ASGA is confident its members and other industry professionals will come together and support the industry as always.

“This industry comes together good times or bad and I don’t think that’s been changed by COVID-19,” Ashton said.

“I think that’s just the natural Alberta aggregate community ethic. These guys are all extensively in competition with each other, for sure, these guys are bidding against each other for jobs. But at the same time these guys get together routinely and work towards the betterment of the industry and the betterment of the province. And ASGA is the venue as which that usually happens.”

Ashton said at a board meeting you may see different companies with several employees working together for solutions for the industry. In committee meetings on safety, environmental concerns, truck registration, you’ll see competitors putting business aside, leaving it at the door, and working towards a better province and a better industry.

“COVID-19 hasn’t changed that mindset. It existed well before COVID-19 came to Alberta,” said Ashton. “These guys are resilient. Some of these guys have worked through challenging times in the past and I believe they will remain resilient. We’re still classified as an essential service and we still have a community to serve, a province to serve, and these guys are getting ready to do that.”

As far as events go, ASGA finished its season shortly before COVID-19 concerns caused other industries forced to cancel or postpone their events. ASGA recently held its annual convention and its regional Red Deer Breakfast.

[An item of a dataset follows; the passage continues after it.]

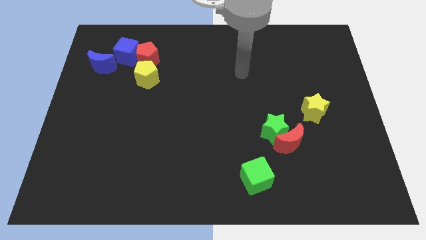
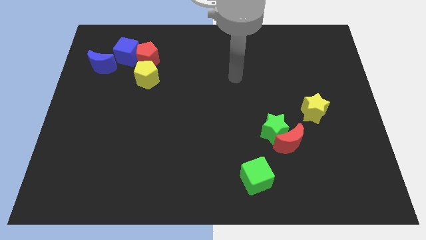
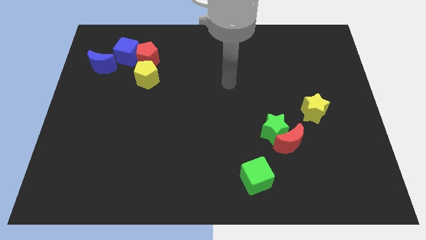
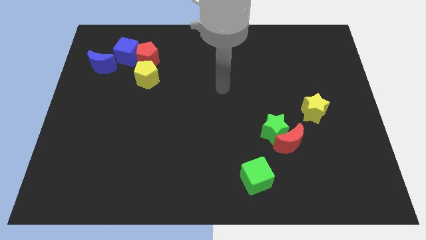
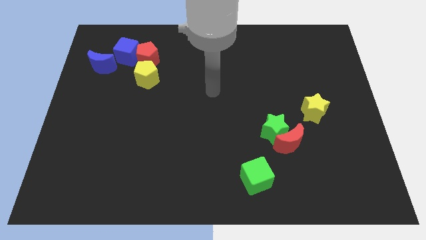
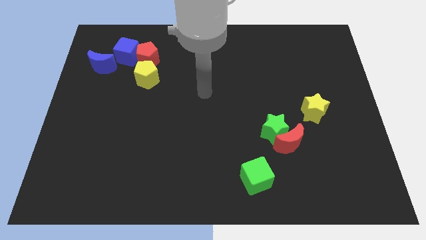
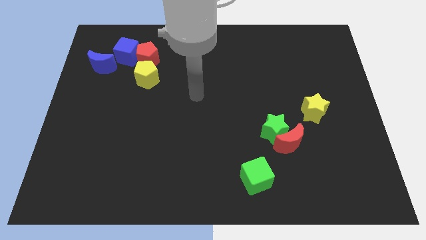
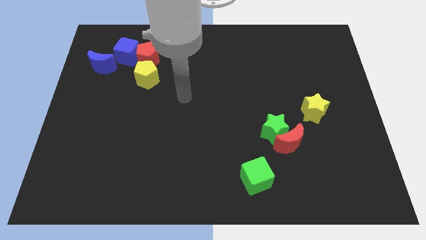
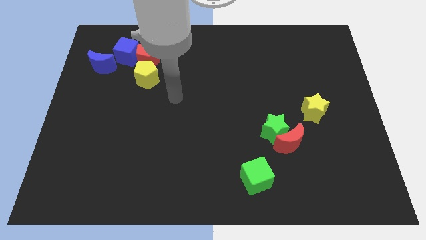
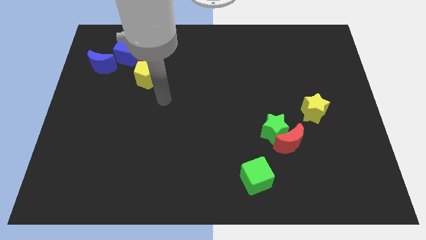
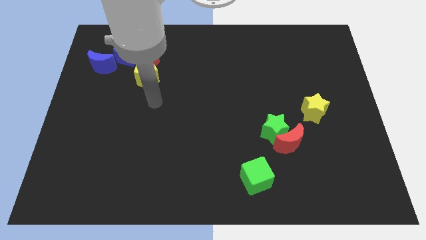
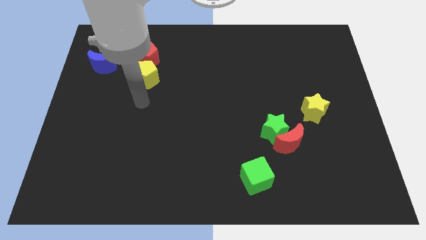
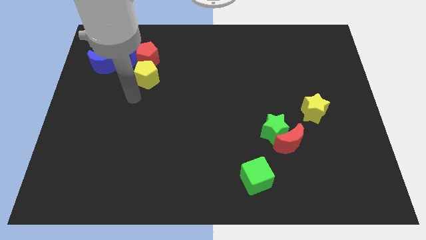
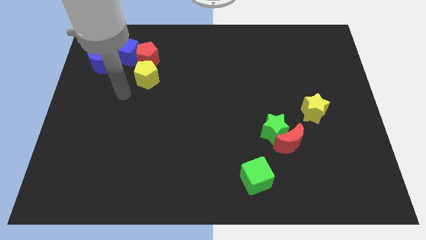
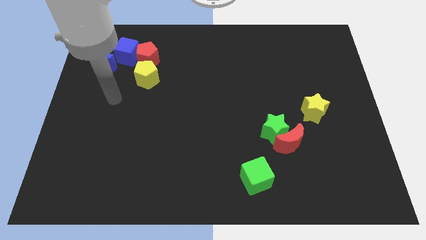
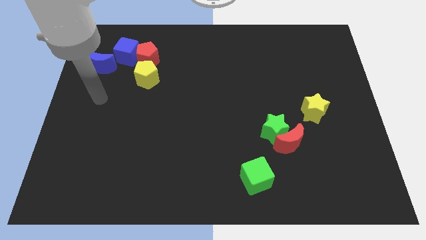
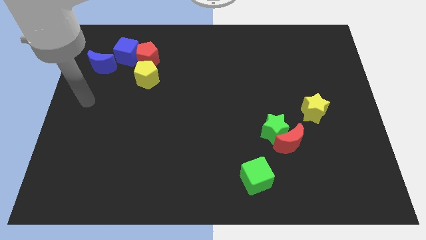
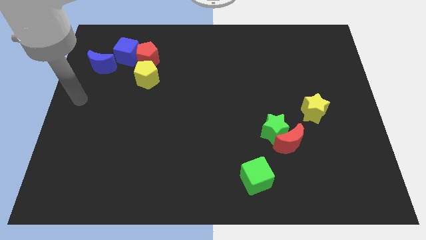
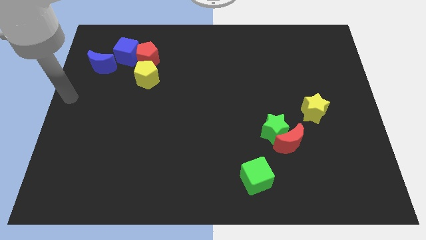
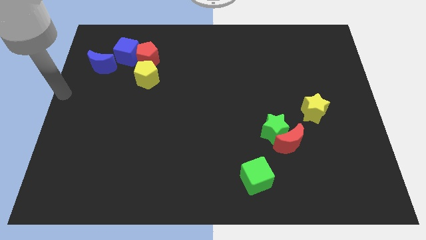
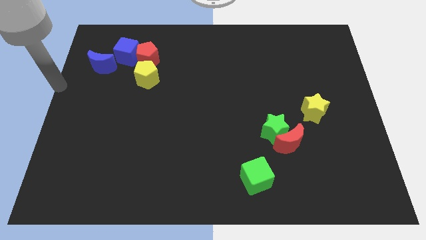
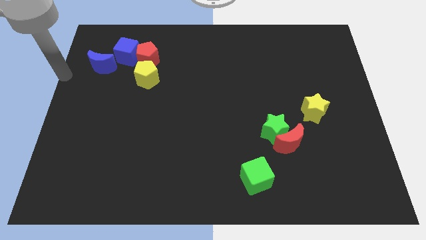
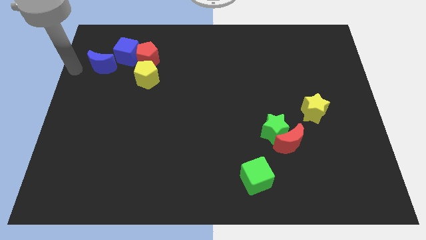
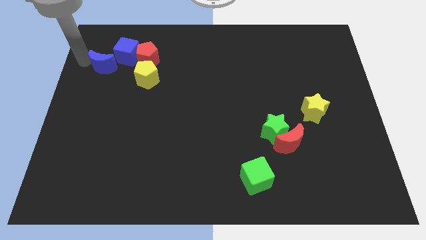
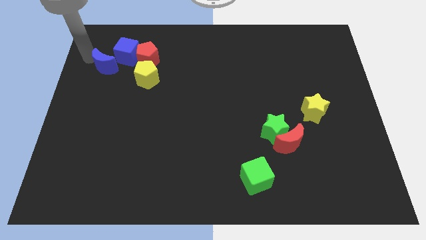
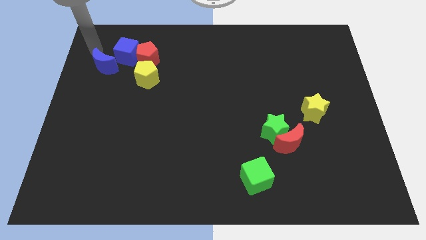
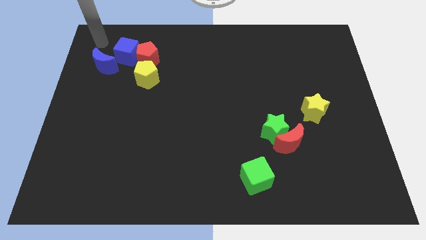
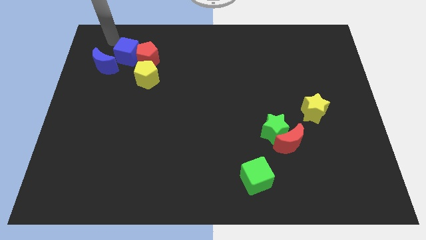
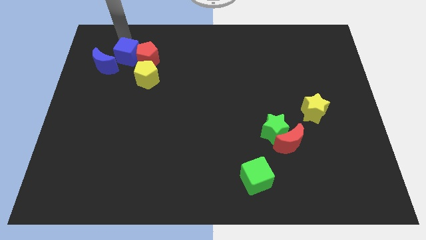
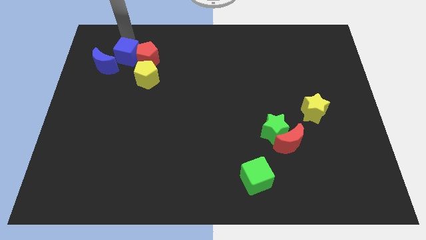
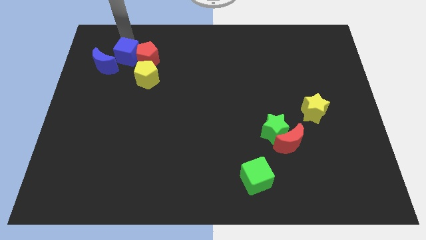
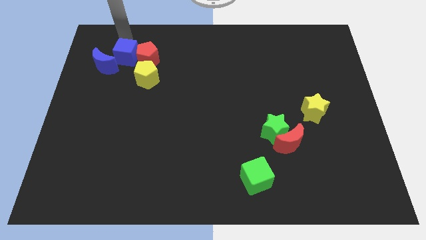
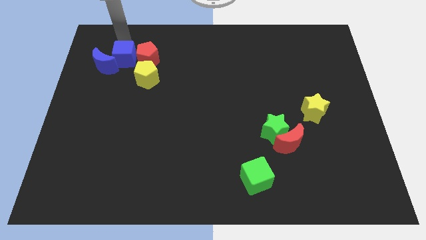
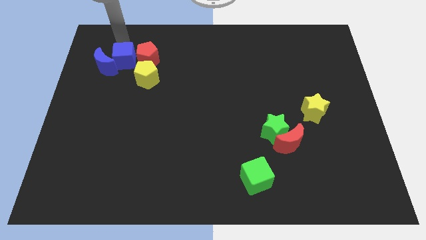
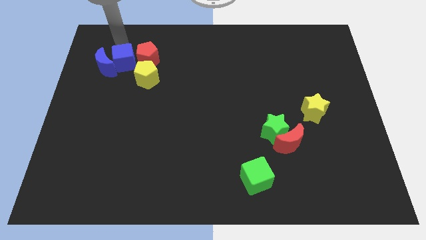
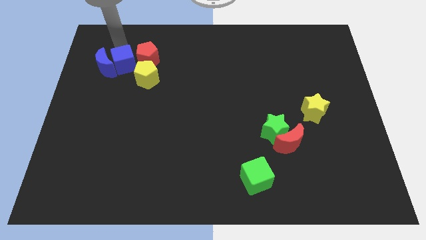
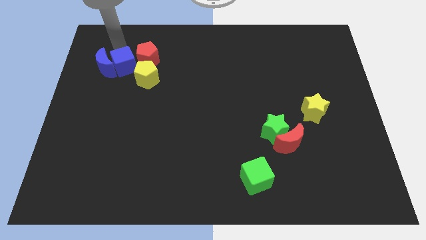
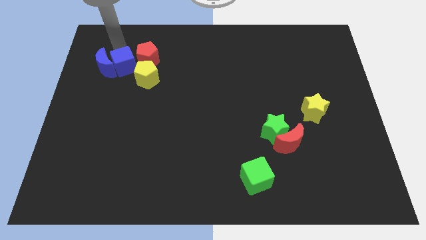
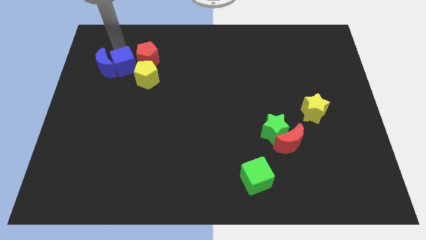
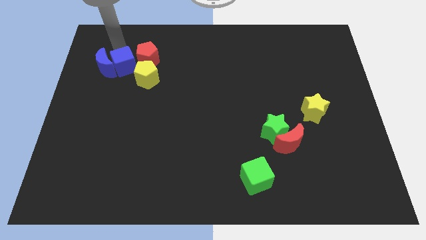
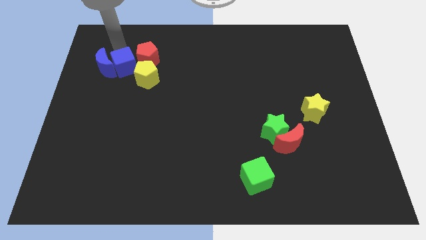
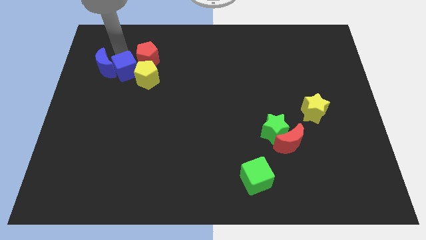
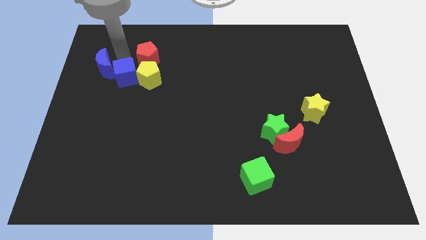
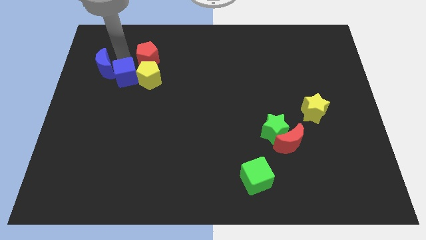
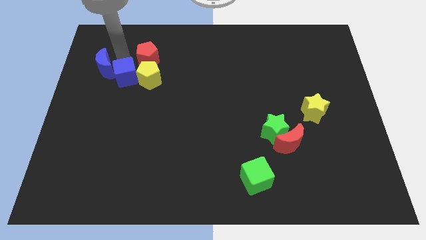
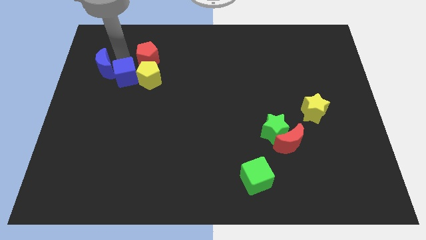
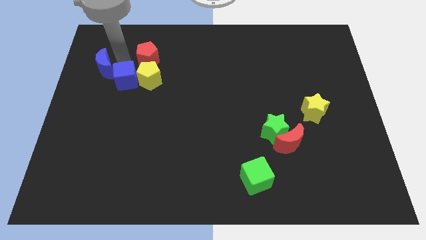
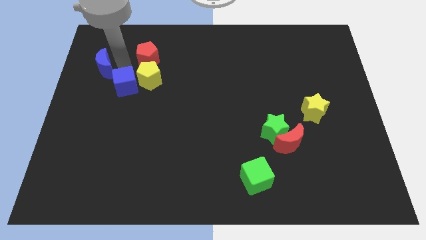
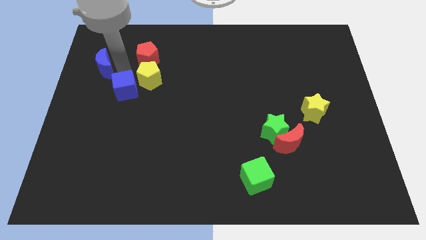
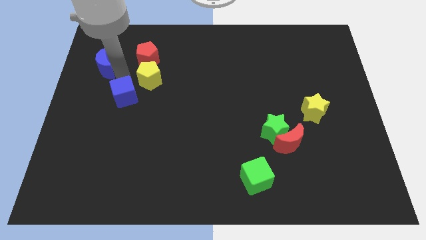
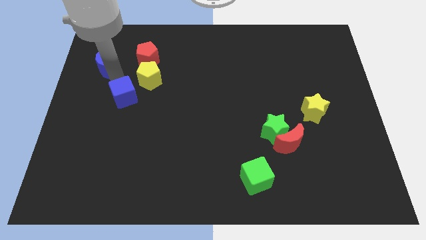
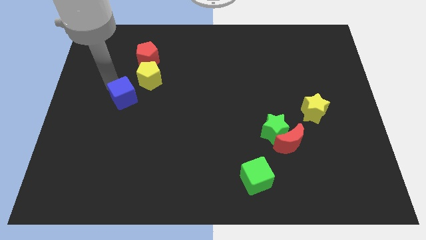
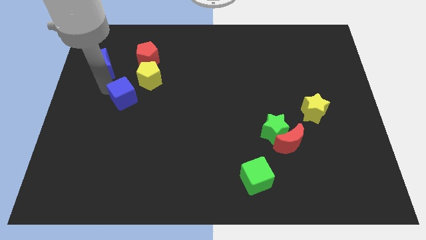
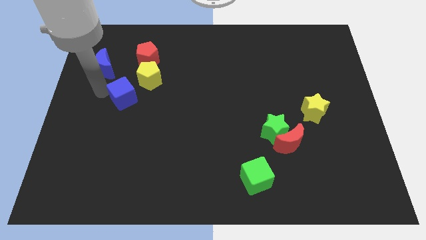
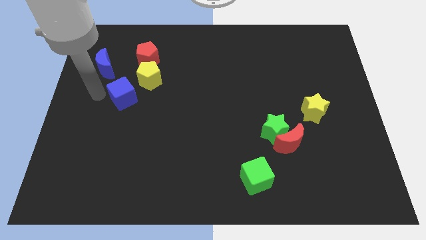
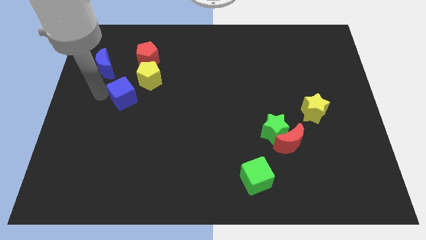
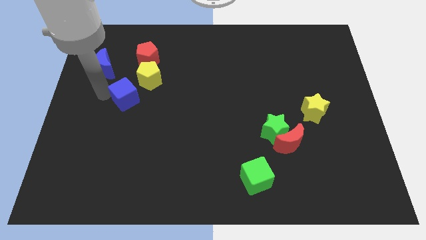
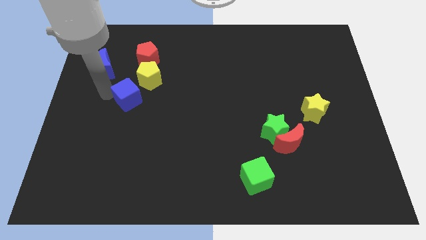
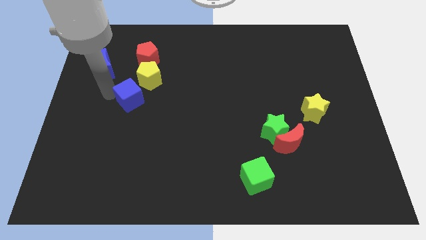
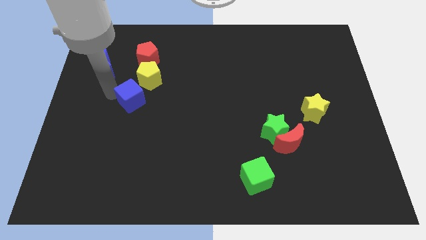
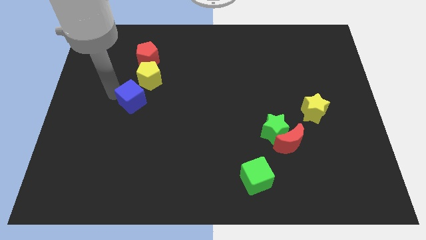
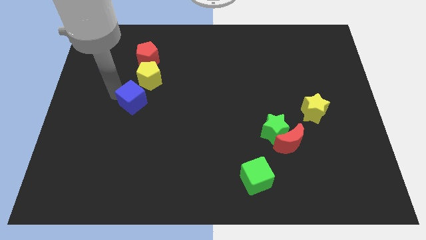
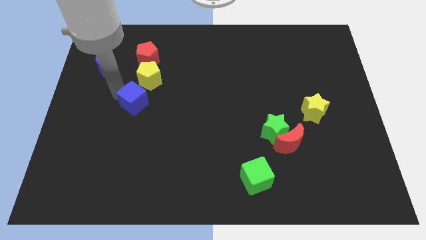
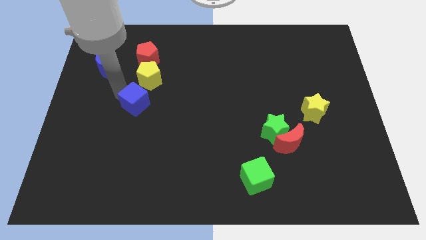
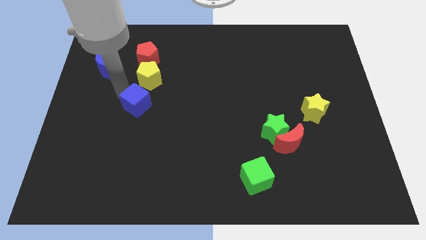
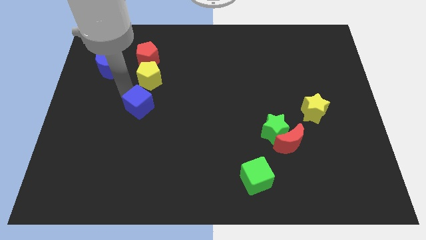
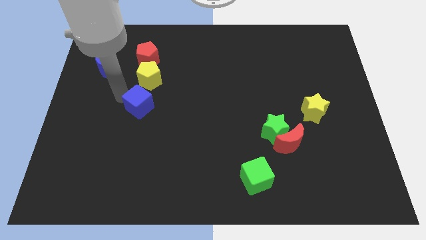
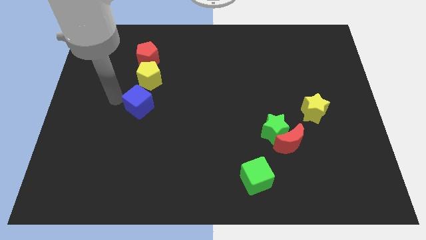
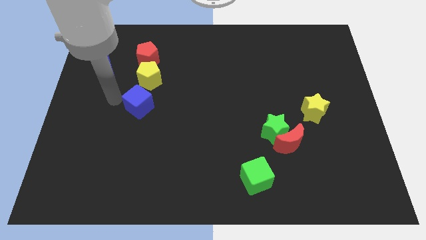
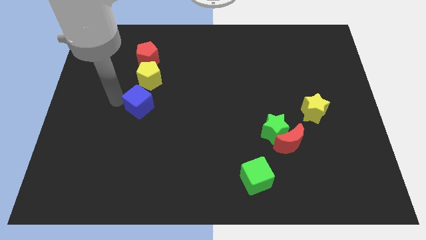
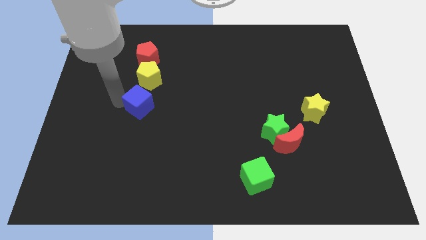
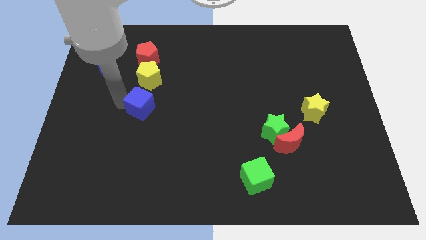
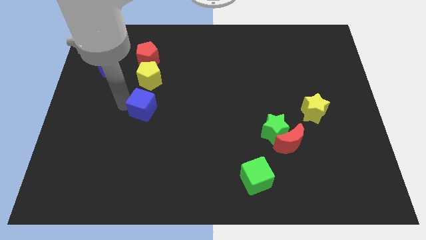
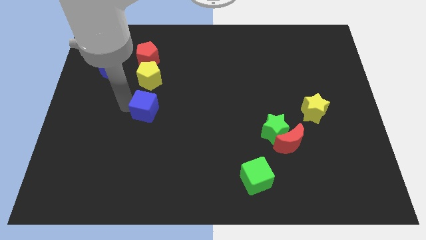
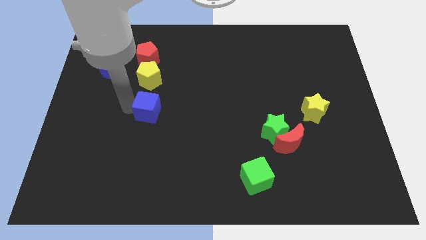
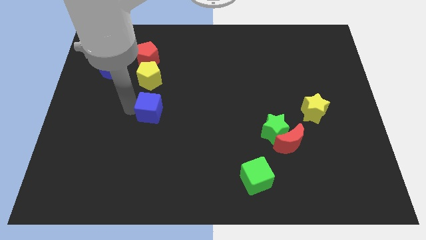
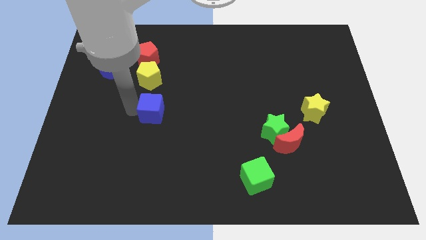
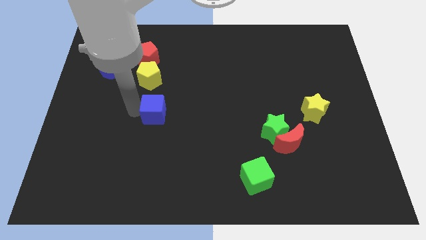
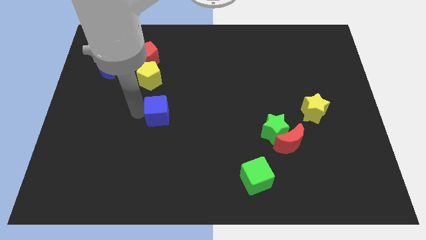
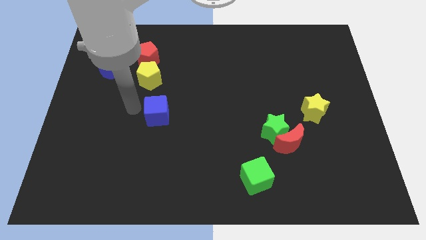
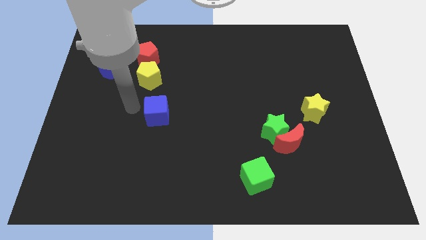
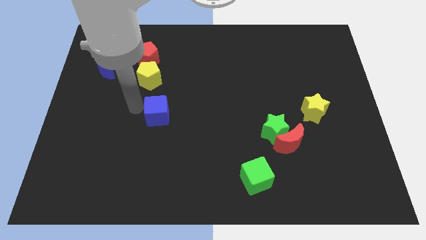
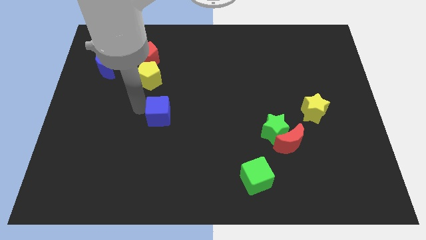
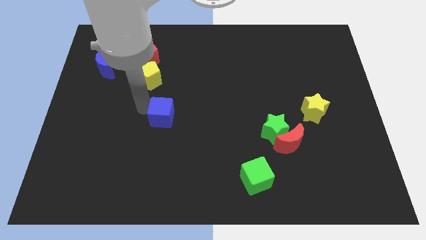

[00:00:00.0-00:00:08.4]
slide the blue cube diagonally down and right

“We got our convention done, our regional Red Deer Breakfast done—and then this hit,” he said. “We don’t really do events in the summer or early fall because that’s when things are going on in pits. We’re starting to look at contingency plans for our fall events and whether or not we can hold them. At this point it’s best thought viewed as 50/50.”

Ashton said ASGA is doing what it can to help itself and the industry stop the spread of COVID-19.

“ASGA’s role in situations like this is to advise, and that’s what we’re doing. We provide resources, or advise with existing resources. Our initiative to date has been to provide easy to follow, accessible advice for safe worksite routines,” he said, adding that a lot of pits are planned to start up again in the next three weeks or so, and ASGA wants to make sure it and the industry is not a source of an outbreak.

“The nature of gravel pits makes it harder for that type of thing to happen because we are never working shoulder-to-shoulder in gravel pit operations. People are in machines. Usually quite a distance apart. But that doesn’t mean we should not be vigilant.”